Disaster Recovery Planning:
The December EM Leader closes with access to tools for conducting a disaster recovery exercise. There are two links provided to download the tools, one a Word document describing the tabletop exercise and the second a PowerPoint focused on recovery from the disaster. While there is no requirement to utilize these tools, they may prove helpful to your EM team in planning a tabletop exercise.
DNV Ambulatory Deemed Status Approval:
On December 8th, 2025, DNV posted that they had received deemed status approval from CMS for ambulatory surgical facilities. This approval covers a 4-year period from December 2025 through December 8th, 2029.
CIHQ 2026 Manuals and Guides:
CIHQ has posted their 2026 hospital survey process guides and standards to their website where you can download the newest versions. The link to access is found on their Hospitals page.
ACHC Most Frequently Scored:
In mid-December ACHC published the latest edition of their newsletter called The Surveyor. In this publication they have an article, Hospital Findings Reveal Persistent Compliance Challenges, that details the most frequently scored clinical and physical environment standards for hospitals and critical access hospitals. They also provide advice on strengthening these frequently scored, potential vulnerabilities.

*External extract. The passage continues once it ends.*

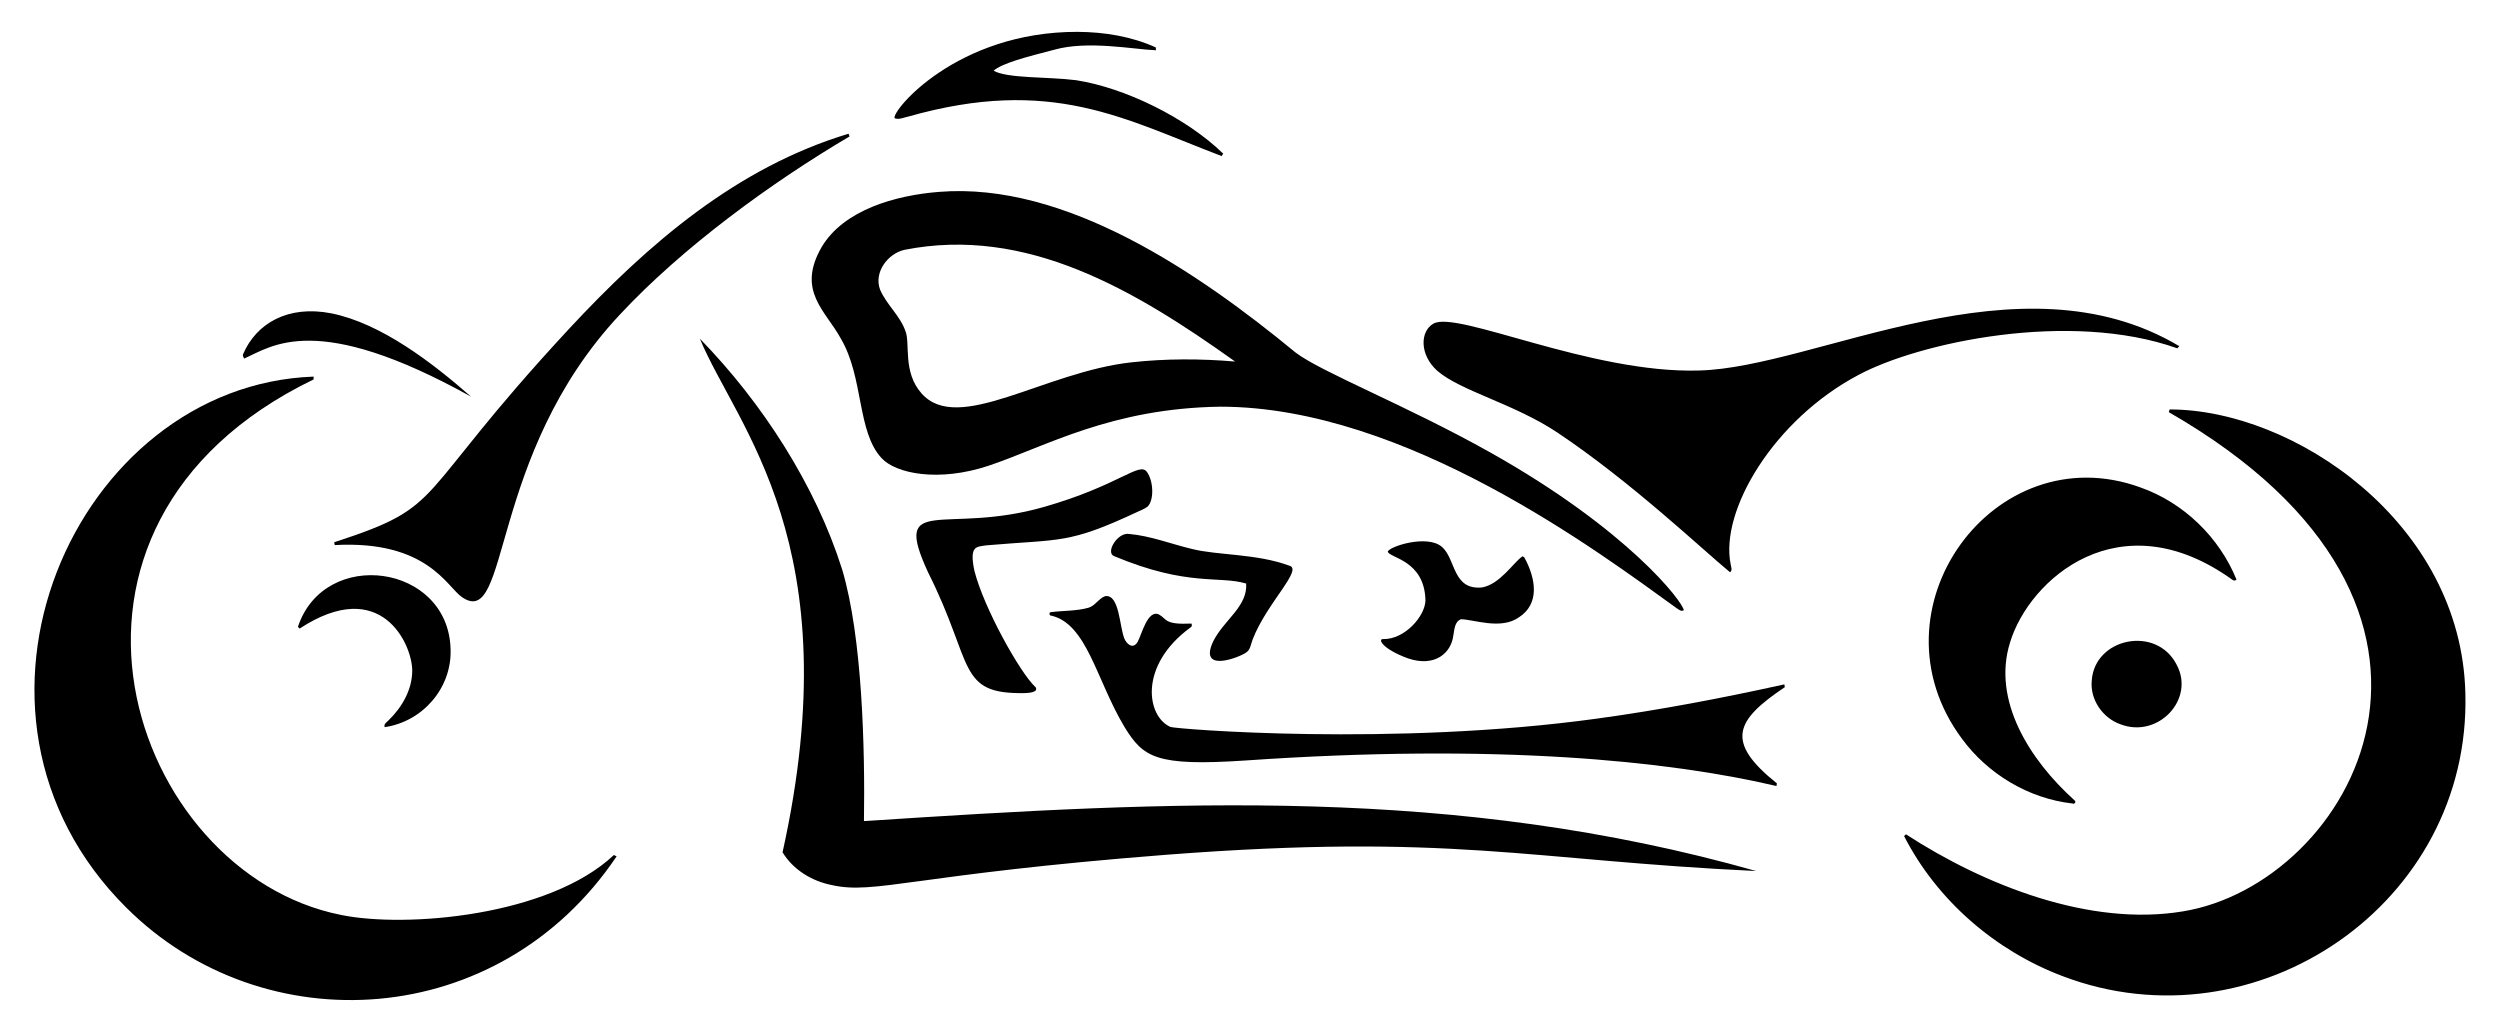 <svg xmlns="http://www.w3.org/2000/svg" viewBox="0 0 2632.734 1086.637"><path d="M1134.788 33.545c28.12.172 56.608 4.737 82.353 16.376l.211 3.009c-23.191-.854-71.619-10.556-106.989-.594-29.639 7.62-55.45 14.395-64.024 22.168 15.309 8.336 56.536 6.126 86.892 9.949 51.49 7.981 116.084 39.587 154.914 77.338-.409.633-1.254 1.913-1.663 2.547-102.178-38.743-178.727-84.544-330.268-41.5-4.592.858-9.487 3.497-14.119 1.676-3.521-7.421 65.196-91.235 192.693-90.969zM893.576 140.823c.277.713.845 2.124 1.122 2.837-82.892 48.827-176.568 117.421-241.899 187.626-139.274 148.648-115.197 332.746-166.276 297.57-15.773-10.601-36.493-60.162-134.052-54.84-.132-.739-.383-2.243-.515-2.995 120.976-39.297 78.894-42.936 246.609-223.979 83.82-90.266 177.103-170.653 295.011-206.219zM988.912 202.063c133.052-10.753 273.053 84.821 375.41 169.152 26.886 20.628 116.221 55.441 204.925 105.168 145.39 81.572 203.207 157.696 203.922 166.223-2.85 1.861-5.384-.937-7.719-2.27-80.02-57.686-284.868-211.998-480.287-212.064-115.378 1.666-183.839 41.935-243.891 62.124-52.792 17.588-97.792 8.409-112.834-7.891-26.142-28.004-18.729-84.878-42.925-125.858-15.921-29.447-47.01-50.182-20.215-96.511 23.191-39.153 77.964-54.53 123.614-58.073m-36.34 61.003c-17.788 3.959-32.632 23.91-25.731 42.054 6.809 15.821 21.113 27.315 26.76 43.796 5.058 12.736-3.124 42.896 16.824 65.317 38.34 43.696 129.037-22.568 221.103-32.672 36.248-4.011 72.878-3.932 109.179-.818-106.196-75.761-219.866-142.966-348.135-117.677zM2295.022 364.539c-.528.567-1.596 1.702-2.138 2.27-113.348-40.318-272.209-6.182-336.035 28.199-89.132 47.209-145.751 142.949-134.303 199.185.383 2.863 2.23 6.255-.66 8.432-28.966-23.775-103.702-94.91-181.793-147.103-45.595-30.369-101.395-43.565-126.373-64.895-19.25-17.256-18.113-41.854-4.302-49.734 24.533-14.59 165.448 52.691 279.77 49.285 123.128-2.946 336.822-126.279 505.834-25.639zM348.908 329.98c52.746 10.543 106.968 52.527 147.195 87.763-163.517-90.901-209.765-52.945-239.101-40.088-.33-1.623-1.94-3.259-.897-4.896 13.743-32.084 47.153-51.79 92.803-42.779z"/><path d="M737.025 356.674c65.606 67.286 121.717 154.062 149.781 242.849 21.453 71.5 24.186 190.588 23.013 265.175 326.755-21.397 621.971-37.205 939.673 52.584-240.921-11.426-321.002-40.175-620.951-17.154-265.771 20.682-307.033 42.243-352.463 31.959-20.954-4.104-40.747-16.046-51.977-34.532 72.021-324.832-48.488-447.705-87.076-540.881zM330.302 396.604c-.026.752-.079 2.243-.092 2.995-319.089 154.438-192.876 519.794 28.74 563.867 68.299 14.154 219.221 1.357 287.542-63.061.713.356 2.138 1.082 2.85 1.438-123.776 184.065-371.956 197.923-516.298 54.022-207.208-206.117-53.733-550.308 197.258-559.261zM2283.978 434.052c.198-.713.607-2.138.818-2.863 130.398-.101 307.278 118.939 311.465 298.929 6.053 221.469-220.247 375.356-423.995 297.9-71.031-26.787-132.429-79.832-167.107-147.578.501-.462 1.504-1.372 2.006-1.821 83.126 53.997 193.961 97.397 291.421 81.178 176.696-28.408 346.713-318.267-14.608-525.745z"/><path d="M1207.891 497.087c6.516 8.84 7.934 28.905.686 36.367-3.101 2.454-6.928 3.721-10.438 5.45-73.748 34.52-80.313 28.516-159.995 35.443-9.631 1.681-17.694-.105-11.981 26.813 9.964 39.357 48.174 107.484 63.998 122.124 1.425 1.082 1.478 3.47-.172 4.42-3.167 1.992-7.112 1.9-10.702 2.19-72.011 1.331-53.118-30.203-102.014-127.323-38.632-83.906 17.491-38.667 122.216-68.735 79.475-22.715 100.463-48.217 108.402-36.749zM2254.13 513.33c45.511 16.046 82.999 52.452 101.143 97.079-1.57 1.28-3.048 1.32-4.434.106-118.71-85.274-213.995-.294-234.034 65.964-19.223 60.862 20.578 123.873 67.956 166.447 2.019 1.28-.198 4.552-2.335 3.22-46.079-5.186-89.043-30.943-116.37-68.26-100.99-136.057 34.07-320.696 188.074-264.556z"/><path d="M1188.757 562.259c22.802 1.992 44.257 10.556 66.386 15.821 26.993 6.849 68.302 4.865 102.489 17.603 15.224 3.6-23.536 39.239-38.32 77.352-2.072 4.83-2.217 11.084-7.06 14.185-8.117 5.597-50.702 21.744-34.493-12.087 11.278-22.355 36.263-36.513 34.572-60.62-29.134-8.529-61.372 3.554-138.856-28.753-9.758-3.415 3.024-25.046 15.282-23.501zM1518.498 575.903c14.86 13.011 11.003 45.699 42.239 42.727 18.899-3.35 33.045-26.269 42.529-32.777.475.224 1.399.686 1.861.91 12.646 22.966 16.315 49.189-5.516 63.299-19.04 13.573-47.94 2.115-61.135 2.072-6.888 2.652-6.756 11.256-8.036 17.339-2.197 17.831-19.026 33.538-47.635 23.871-27.268-9.942-32.247-20.757-26.14-20.334 22.585.447 43.933-23.988 44.469-40.497-.738-42.68-37.912-44.779-39.679-51.594 1.5-5.365 41.442-18.45 57.043-5.016zM474.515 683.855c1.334 40.835-29.506 76.056-69.395 81.904-1.333-3.484 2.415-5.252 4.341-7.442 13.961-13.604 24.583-32.038 24.662-51.95.154-27.173-32.302-100.954-118.614-44.403-.435-.475-1.32-1.412-1.755-1.874 27.857-84.126 158.643-66.33 160.761 23.765z"/><path d="M1146.215 640.02c7.125-2.045 10.688-9.712 17.563-12.193 15.275-2.497 15.06 32.569 20.453 45.049 2.253 5.098 8.752 11.408 13.75 3.193 4.323-7.658 10.472-34.369 22.393-29.017 8.998 4.903 5.231 10.961 34.387 9.62.779 1.927.383 3.563-1.583 4.486-54.227 39.964-45.691 93.261-20.651 104.349 4.659 2.184 235.337 20.838 449.779-8.815 66.083-9.065 131.664-21.601 196.783-35.984.132.726.37 2.177.501 2.903-51.888 34.914-63.523 57.189-8.392 101.341-.092.699-.29 2.098-.383 2.797-114.704-26.856-295.687-45.122-559.367-26.879-94.63 6.286-107.546-3.265-127.402-35.535-29.783-49.938-39.302-108.264-77.088-117.07-2.468.29-2.164-4.038.053-3.655 13.038-1.648 26.431-1.041 39.204-4.59zM2292.053 699.716c20.045 36.609-19.456 78.318-59.076 62.995-18.632-6.519-32.091-25.995-30.178-45.867 2.849-45.082 67.895-58.517 89.254-17.128z"/></svg>

Regardless of who you use as an accreditor, we would encourage readers to download this document and analyze your risks in these key problem areas.
ACHC has provided a graph documenting the percentage of hospitals that received findings in these most frequently scored areas. Similar to JC and CMS surveys, infection prevention issues lead the way with approximately 90% of hospitals being scored for these issues. Medication management and nutritional service issues each were scored in approximately 60% of surveys. The frequency of scoring deficiencies in nutritional services was somewhat surprising, however.
The examples provided are known “frequent flyers” on all surveys, but other accreditors might score them against infection prevention or physical environment. Examples of nutritional service deficiencies included food product expiration date management, cardboard storage, direct on the floor storage, spill management, temperature control, dishwasher temperatures, and freezer ice buildup and condensation. Take a look as the issues cited can be problematic in any organization.
Pharmacy Purchasing and Products USP 800:
Last month we summarized some findings from the National Association of Boards of Pharmacy relative to compliance defects identified on surveys that they had conducted on USP Chapter 797. This month we saw an article in Pharmacy Purchasing and Products relative to their annual voluntary survey of hospital pharmacies on USP Chapter 800, hazardous medications. While these are self-reported compliance examples they could pose risk on a survey, or more importantly should an employee develop illness that they attribute to their job duties handling hazardous medications.

The first risk point we noticed was with the development of a hospital’s list of hazardous medications being used. NIOSH did issue a publication last year, but they really have not significantly add new drugs to their list since 2016. Only 19% of hospitals reported that they had personally identified drugs they use that should be considered hazardous beyond what has been on the NIOSH list. This contrasted with 80% of hospitals indicating that they do evaluate the potentially hazardous nature of new drugs they are considering for addition to their formulary. This means the analysis work is being done, but the hospitals list is not being updated to include all the new medications.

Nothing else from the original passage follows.